Gitpod Leaves Kubernetes’ ‘Dead-End Failures’, Adopts Home Grown Tool
Enterprise open-source container application development organization Gitpod has stated its intention to “leave Kubernetes” for a variety of reasons. Describing its use of Kubernetes’ cloud-native container orchestration tools and services as a journey of “experiments, failures and dead-ends”, the engineering team will take its automated and standardized development platform forward to a home-grown technology known as Flex.
Seemed Obvious, at First
After a series of coding headaches brought on by what the team calls out as complexity issues, resource management challenges and state management problems, Gitpod co-founder and CTO Christian Weichel along with staff engineer Alejandro de Brito Fontes have said that they were initially drawn to Kubernetes because it “seemed like the obvious choice” for building out remote, standardized and automated development environments. As such, Gitpod has been using Kubernetes since the company’s inception in 2020.
“Over the years, we experimented with many [technologies] in pursuit of the most optimal infrastructure to balance security, performance and interoperability. All while wrestling with the unique challenges of building a system to scale up, remain secure [when] handling arbitrary code execution and be stable enough for developers to work in,” blogged Weichel and de Brito Fontes.
Initially drawn to key benefits of Kubernetes including its inherent scalability across container orchestration tasks and its widely popularized status which has created a rich ecosystem and community, Gitpod says that as its own technology and user base scaled, it encountered challenges around security and state management that pushed Kubernetes to its limits.
“Managing Kubernetes at scale is complex,” note Weichel and de Brito Fontes. “While managed services like GKE and EKS alleviate some pain points, they come with their own set of restrictions and limitations. We found that many teams looking to operate a cloud development environment underestimate the complexity of Kubernetes, which leads to significant support loads.”

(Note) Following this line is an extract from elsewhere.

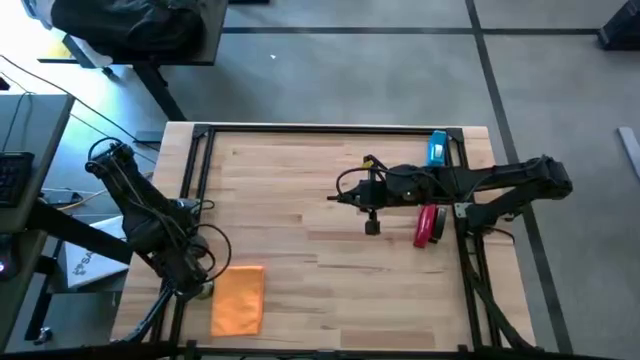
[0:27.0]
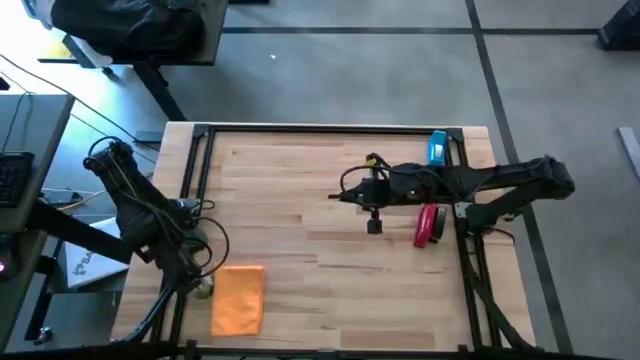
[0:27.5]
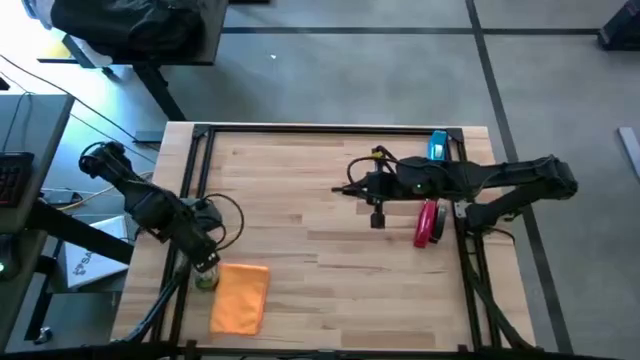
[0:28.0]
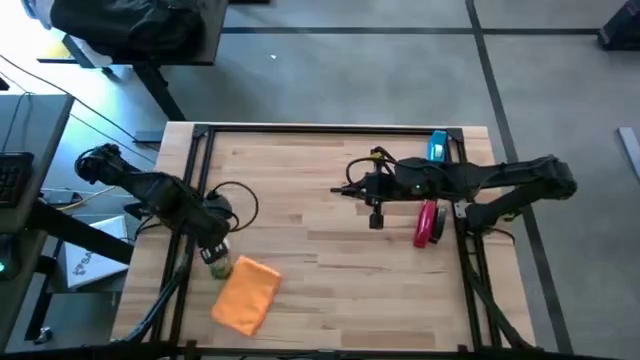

Fundamentally, say the pair, Kubernetes is built to run well-controlled application workloads, not unruly development environments.
Forced Reverse Engineering
While Kubernetes’ complexity obstacles shouldn’t come as news to most software developers, the Gitpod team bemoans the amount of reverse engineering they claim to have endured while working to force development environments onto the Kubernetes platform. As such, the in-house team started building Gitpod Flex in January of 2024. It shipped 10 months later in October of this year.
Flex is founded on the Gitpod mantra which states that all software development needs to occur in secure, compartmentalized, interactive environments, while also being API-accessible and machine-comprehensible.
What’s Gitpod Flex like then? Well, foundationally, it’s a bit like Kubernetes.
“In Gitpod Flex we carried over the foundational aspects of Kubernetes such as the liberal application of control theory and the declarative APIs whilst simplifying the architecture and improving the security foundation,” wrote Weichel and de Brito Fontes. “[In Flex], we orchestrate development environments using a control plane heavily inspired by Kubernetes. We [also] introduced some necessary abstraction layers that are specific to development environments and cast aside much of the infrastructure complexity that we didn’t need – all whilst putting zero-trust security first.”
Through its runner-based architecture, Flex is designed to run on laptops, cloud instances and on-premises deployment zones. As many will know, runners are self-hosted software orchestrators that work to keep sensitive information secure within a private network while looking after operational functions including scaling, backup, caching and version control updates. Flex is claimed to keep source code, data and intellectual property within a software development team’s private network and, according to Gitpod, it’s “what developers have been asking for” in recent times.
Kubernetes is Incredible, Still
All that said and done then, the Gitpod team still has kind words to spare for K8s, its people and its ethos.
“Kubernetes is incredible. It’s supported by an engaged and passionate community, which builds a truly rich ecosystem. If you’re running application workloads, Kubernetes continues to be a fine choice. However, for system workloads like development environments [with a uniquely stateful nature], Kubernetes presents immense challenges in both security and operational overhead. Micro-VMs and clear resource budgets help, but make cost a more dominating factor,” say Weichel and de Brito Fontes.
Keen to pave a way forward for developers to be as productive as possible within secure boundaries and with low operational overhead, the Gitpod software engineering duo thinks that these requirements are possible with Kubernetes is possible, but these factors come at what they say is a significant cost. It is, in their terms, all about learning the difference between application and system workloads the hard way. Gitpod Flex can be deployed and self-hosted in less than three minutes and the team is already planning virtual demos as part of a promotional initiative.